** Provided records follows **

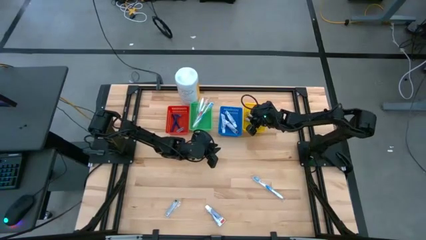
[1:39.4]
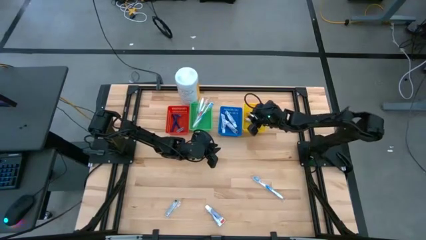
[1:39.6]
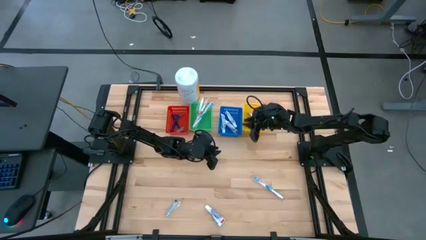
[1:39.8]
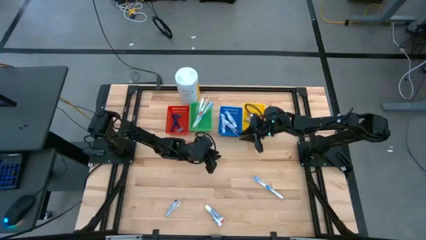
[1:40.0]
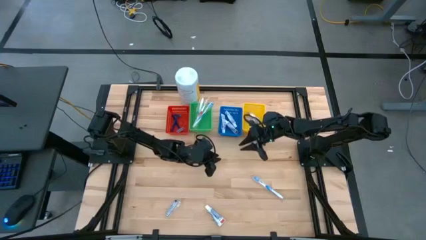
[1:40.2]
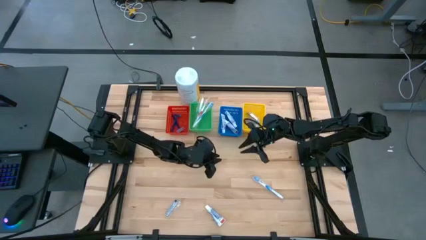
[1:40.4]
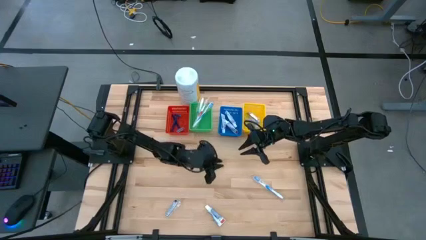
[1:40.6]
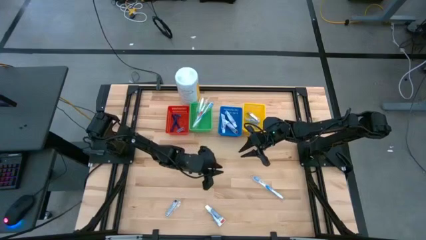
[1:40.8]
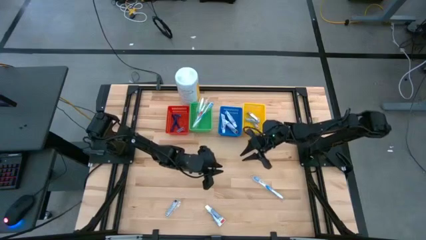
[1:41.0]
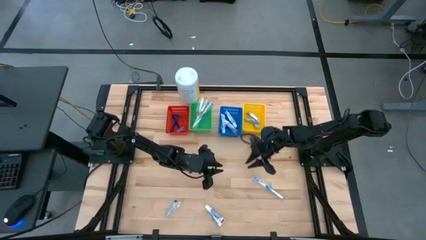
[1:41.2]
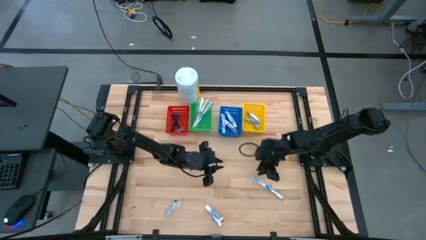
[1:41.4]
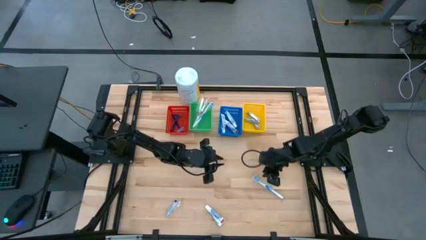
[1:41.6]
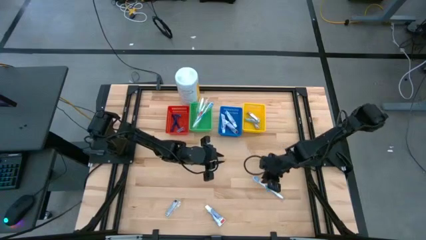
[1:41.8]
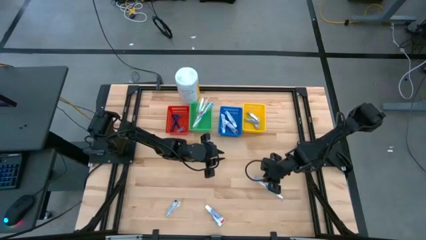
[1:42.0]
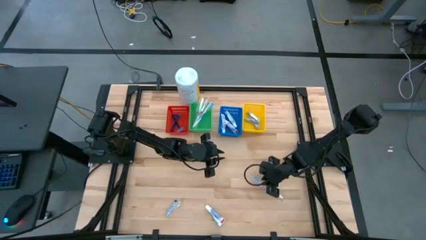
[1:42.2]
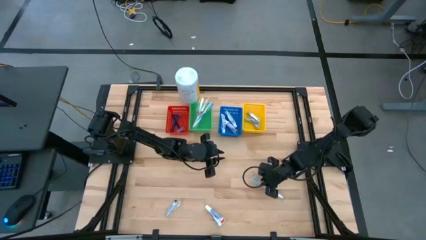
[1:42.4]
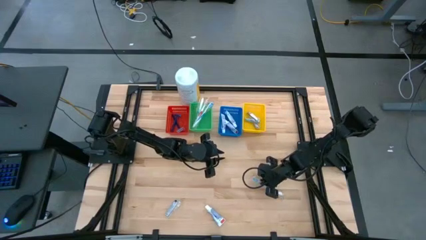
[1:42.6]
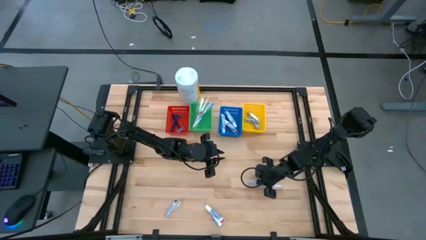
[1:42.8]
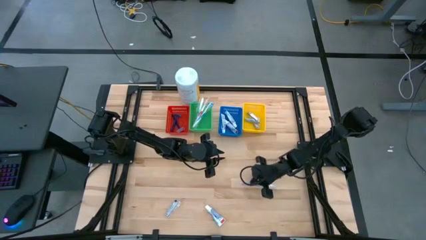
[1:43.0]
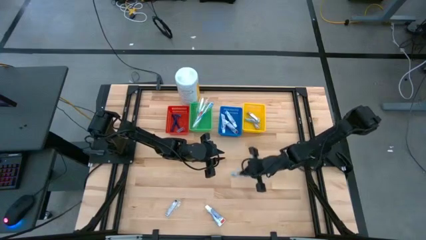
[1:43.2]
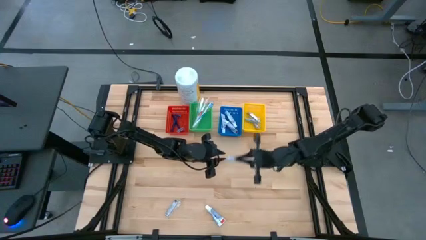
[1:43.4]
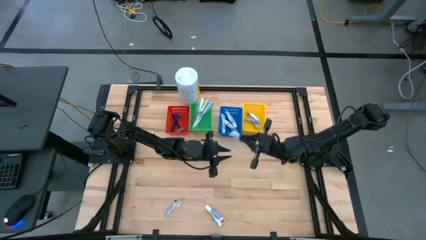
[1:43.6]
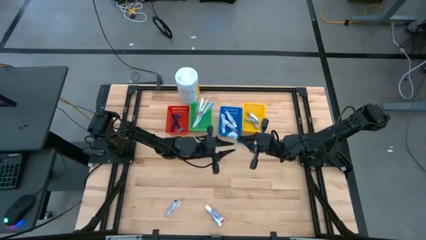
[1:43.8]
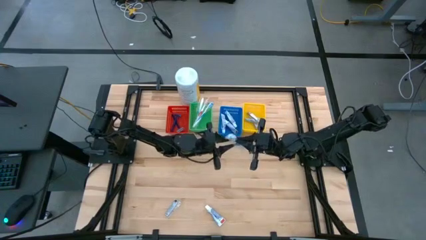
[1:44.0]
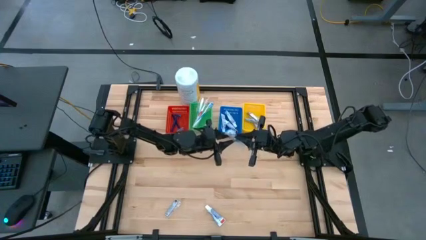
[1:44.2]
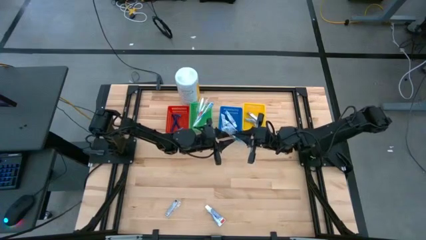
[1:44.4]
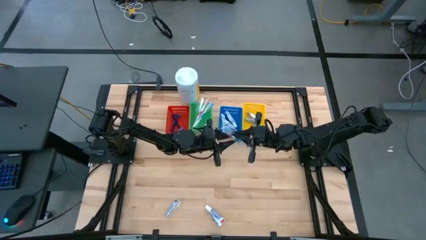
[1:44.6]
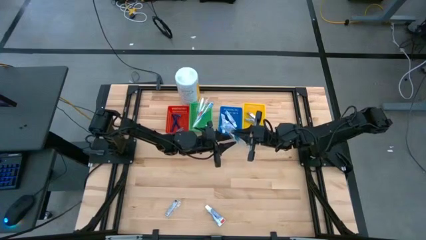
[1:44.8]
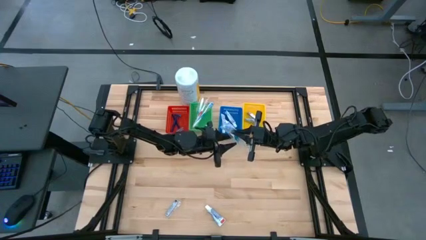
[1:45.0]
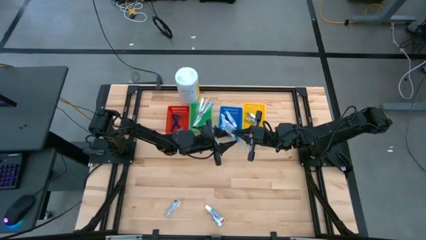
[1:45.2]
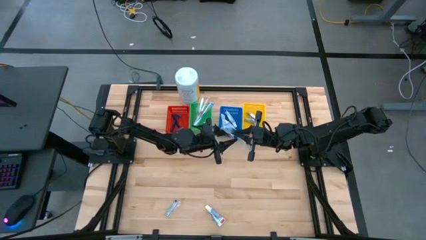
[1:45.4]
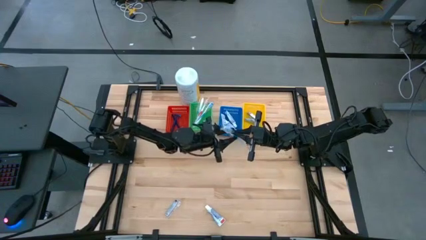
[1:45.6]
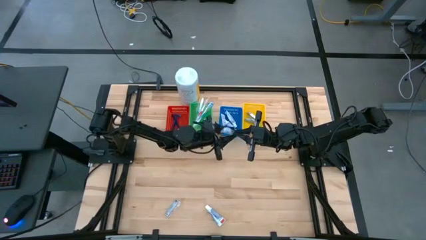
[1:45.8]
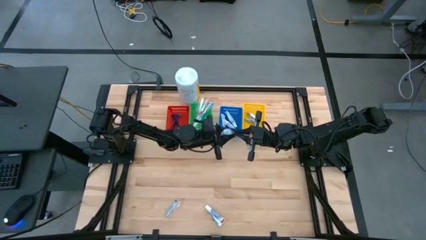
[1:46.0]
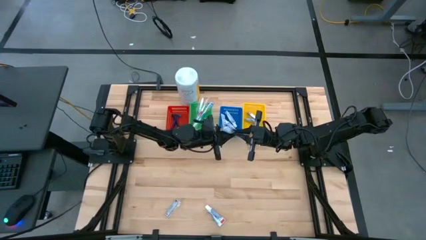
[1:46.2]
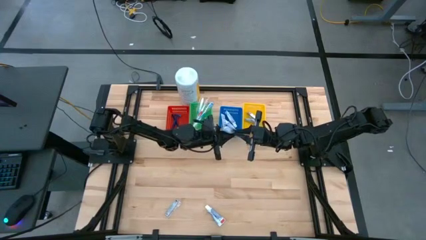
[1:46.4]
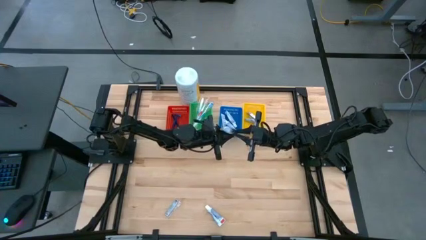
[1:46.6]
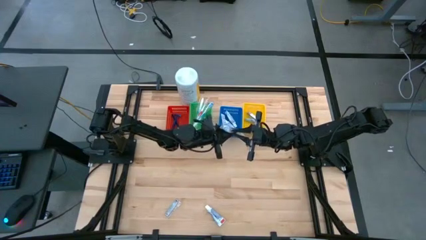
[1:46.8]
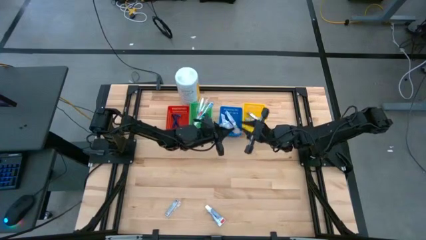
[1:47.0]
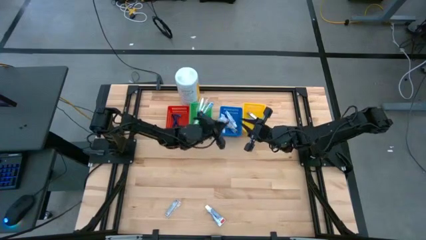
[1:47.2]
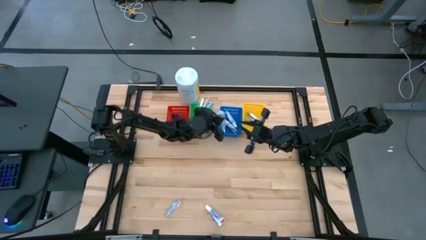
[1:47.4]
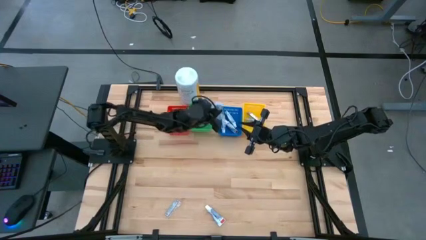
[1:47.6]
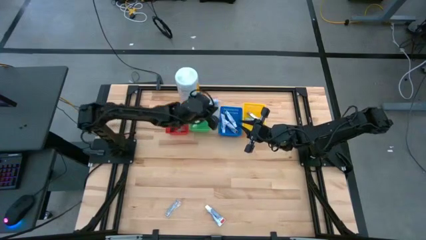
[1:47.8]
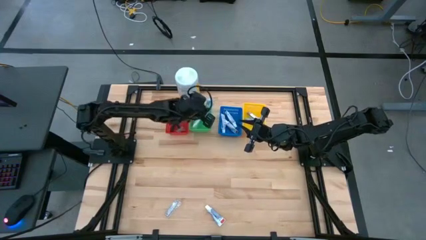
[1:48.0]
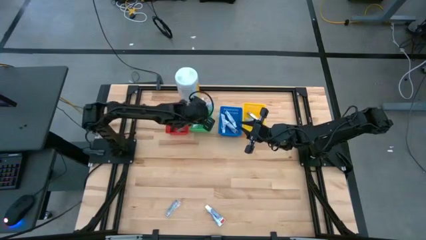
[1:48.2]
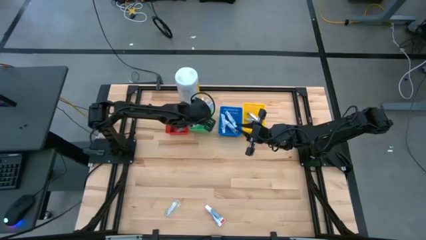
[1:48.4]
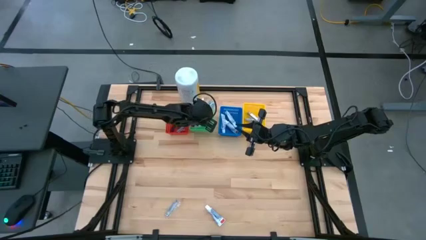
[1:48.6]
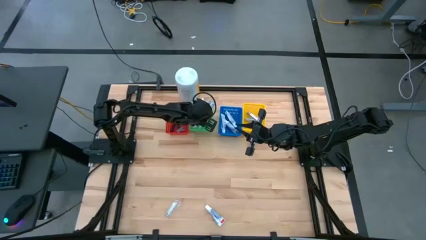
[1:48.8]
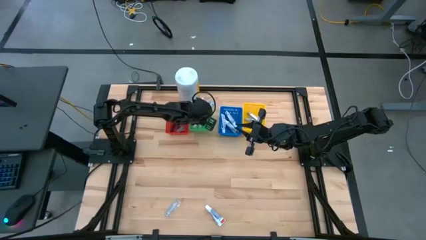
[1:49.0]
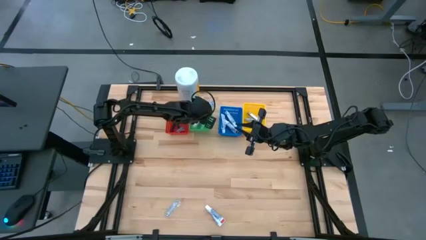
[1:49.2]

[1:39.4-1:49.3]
Put the blue toothbrush into the green bin

** End of Provided records **

• [Exercise]: Exactly reproduce each entry, but drop the pictures.

• [Exercise response]:
[1:39.4]
[1:39.6]
[1:39.8]
[1:40.0]
[1:40.2]
[1:40.4]
[1:40.6]
[1:40.8]
[1:41.0]
[1:41.2]
[1:41.4]
[1:41.6]
[1:41.8]
[1:42.0]
[1:42.2]
[1:42.4]
[1:42.6]
[1:42.8]
[1:43.0]
[1:43.2]
[1:43.4]
[1:43.6]
[1:43.8]
[1:44.0]
[1:44.2]
[1:44.4]
[1:44.6]
[1:44.8]
[1:45.0]
[1:45.2]
[1:45.4]
[1:45.6]
[1:45.8]
[1:46.0]
[1:46.2]
[1:46.4]
[1:46.6]
[1:46.8]
[1:47.0]
[1:47.2]
[1:47.4]
[1:47.6]
[1:47.8]
[1:48.0]
[1:48.2]
[1:48.4]
[1:48.6]
[1:48.8]
[1:49.0]
[1:49.2]

[1:39.4-1:49.3]
Put the blue toothbrush into the green bin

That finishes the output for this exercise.